Thursday, July 14, 2005

science vs. romance (poetry)

Subject: science vs. literary journals (with props to my lady Alexis Clements, lover of science and writing, for the info and the always excellent mail & e-mails. She rules)

From the Nobel info on 'Roald Hoffman' a Jewish Pole who went to Moscow University and won the big prize:
" One thing is certainly not true: that scientists have some greater
insight into the workings of nature than poets. Interestingly, I find
that many humanists deep down feel that scientists have such inner knowledge that is barred to them. Perhaps we scientists do, but in such carefully circumscribed pieces of the universe! Poetry soars, all around the tangible, in deep dark, through a world we reveal and make.

"It should be said that building a career in poetry is much harder
than in science. In the best chemical journal in the world the acceptance rate for full articles is 65%, for communications 35%. In a routine literary journal, far from the best, the acceptance rate for poems is below 5%.
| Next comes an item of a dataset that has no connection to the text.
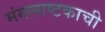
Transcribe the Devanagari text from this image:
मंगलाष्टकाची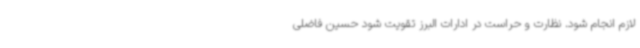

"Writing, "the message that abandons", has become increasingly
important to me. I expect to publish four books for a general or
literary audience in the next few years. Science will figure in these,
but only as a part, a vital part, of the risky enterprise of being
human."
whole thing here

Oh, scientists, I've said it before but how I love them!

3 Comments:

Blogger T-bone said...

needless to say, i have sent this article to my scientist boss (oh and for those of you who don't know me, i'm the investigator put on the chuggen case) my boss' response was that scientists just can't rhyme

5:28 PM  
Blogger sarah said...

i don't know nothin' about no chuggens.

7:51 PM  
Anonymous Anonymous said...

I am going to use this as a place to vent about the evils of scientific writing. Which is a better title for a paper:
"The Copper Tapeworm", or "A Twisted Pair Cryogenic Filter"? The first sounds interesting, and evokes an image that works great to describe the filter in our paper, the second sounds like something out of your highschool sceince textbook. But of course it's the second that ends up having to be used for the published version (the version we distributed to coleagues directly has the first title). Which is better to describe a simple line drawing that roughly depicts our experiment: "cartoon", or "conceptual diagram"? Oh, yeah--conceptual fucking diagram all the way. The problem with peer review is that sometimes your peers are a bunch of jackasses.